Where Do People Tell Stories Online? Story Detection Across Online Communities

Maria Antoniak, Joel Mire, Maarten Sap, Elliott Ash, Andrew Piper


Abstract
Story detection in online communities is a challenging task as stories are scattered across communities and interwoven with non-storytelling spans within a single text. We address this challenge by building and releasing the StorySeeker toolkit, including a richly annotated dataset of 502 Reddit posts and comments, a detailed codebook adapted to the social media context, and models to predict storytelling at the document and span levels. Our dataset is sampled from hundreds of popular English-language Reddit communities ranging across 33 topic categories, and it contains fine-grained expert annotations, including binary story labels, story spans, and event spans. We evaluate a range of detection methods using our data, and we identify the distinctive textual features of online storytelling, focusing on storytelling spans, which we introduce as a new task. We illuminate distributional characteristics of storytelling on a large community-centric social media platform, and we also conduct a case study on r/ChangeMyView, where storytelling is used as one of many persuasive strategies, illustrating that our data and models can be used for both inter- and intra-community research. Finally, we discuss implications of our tools and analyses for narratology and the study of online communities.
Anthology ID:
2024.acl-long.383
Volume:
Proceedings of the 62nd Annual Meeting of the Association for Computational Linguistics (Volume 1: Long Papers)
Month:
August
Year:
2024
Address:
Bangkok, Thailand
Editors:
Lun-Wei Ku, Andre Martins, Vivek Srikumar
Venue:
ACL
SIG:
Publisher:
Association for Computational Linguistics
Note:
Pages:
7104–7130
Language:
URL:
https://aclanthology.org/2024.acl-long.383
DOI:
10.18653/v1/2024.acl-long.383
Bibkey:
Cite (ACL):
Maria Antoniak, Joel Mire, Maarten Sap, Elliott Ash, and Andrew Piper. 2024. Where Do People Tell Stories Online?
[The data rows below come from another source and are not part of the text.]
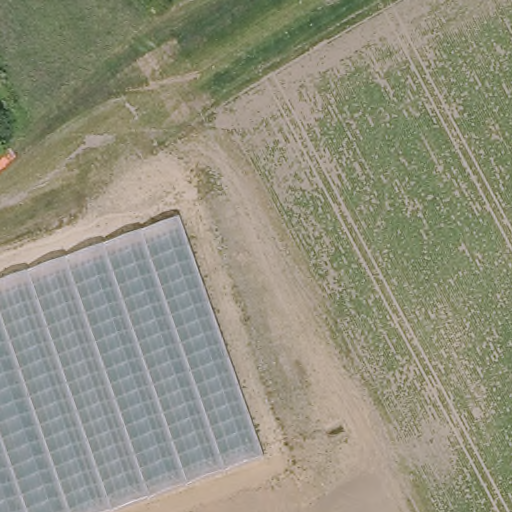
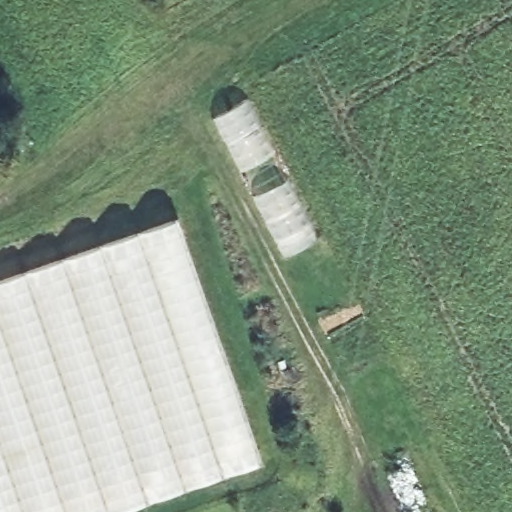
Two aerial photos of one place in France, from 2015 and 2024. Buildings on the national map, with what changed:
new [(325,241),(285,259),(214,117),(248,101),(325,241)]
unchanged [(262,460),(118,512),(0,512),(0,282),(179,219),(262,460)]

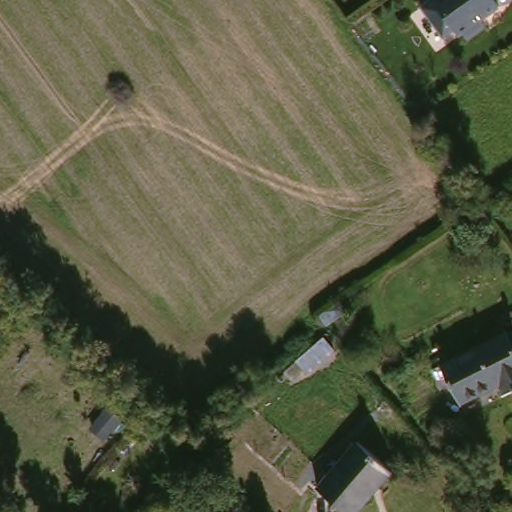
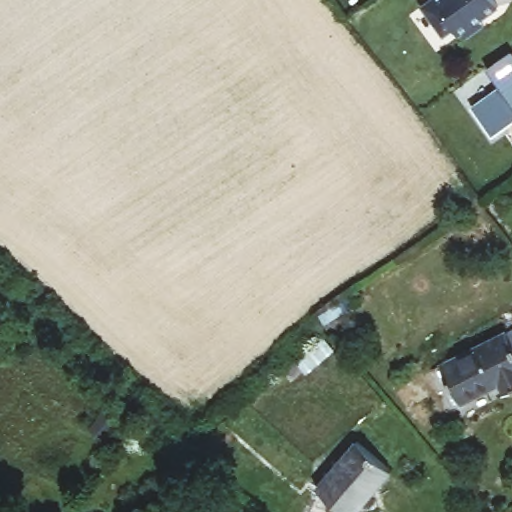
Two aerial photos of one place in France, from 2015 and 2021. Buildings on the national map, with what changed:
unchanged [(503,3),(483,16),(489,25),(469,37),(464,29),(460,32),(456,26),(447,32),(427,1),(428,0),(502,0),(503,3)]
new [(471,106),(500,85),(487,67),(512,49),(512,123),(493,138),(471,106)]
unchanged [(16,292),(0,309),(0,278),(16,292)]
unchanged [(449,365),(512,331),(512,379),(472,402),(449,365)]
unchanged [(101,399),(114,411),(98,430),(84,418),(101,399)]
unchanged [(322,485),(362,439),(395,468),(354,511),(322,485)]

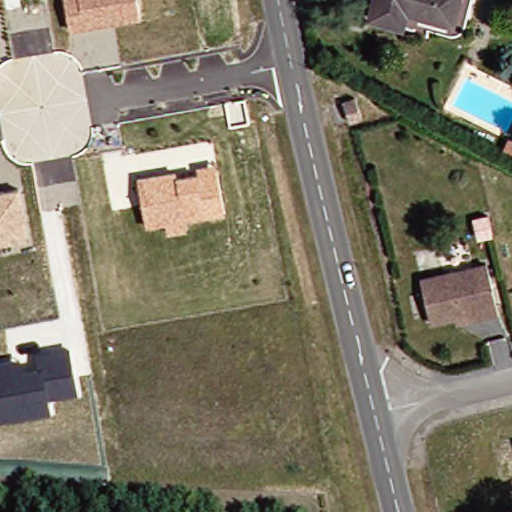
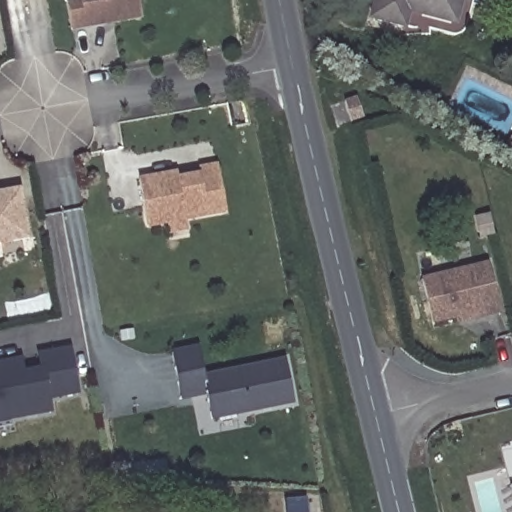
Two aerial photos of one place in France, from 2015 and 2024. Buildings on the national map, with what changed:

Story Detection Across Online Communities. In Proceedings of the 62nd Annual Meeting of the Association for Computational Linguistics (Volume 1: Long Papers), pages 7104–7130, Bangkok, Thailand. Association for Computational Linguistics.
Cite (Informal):
Where Do People Tell Stories Online? Story Detection Across Online Communities (Antoniak et al., ACL 2024)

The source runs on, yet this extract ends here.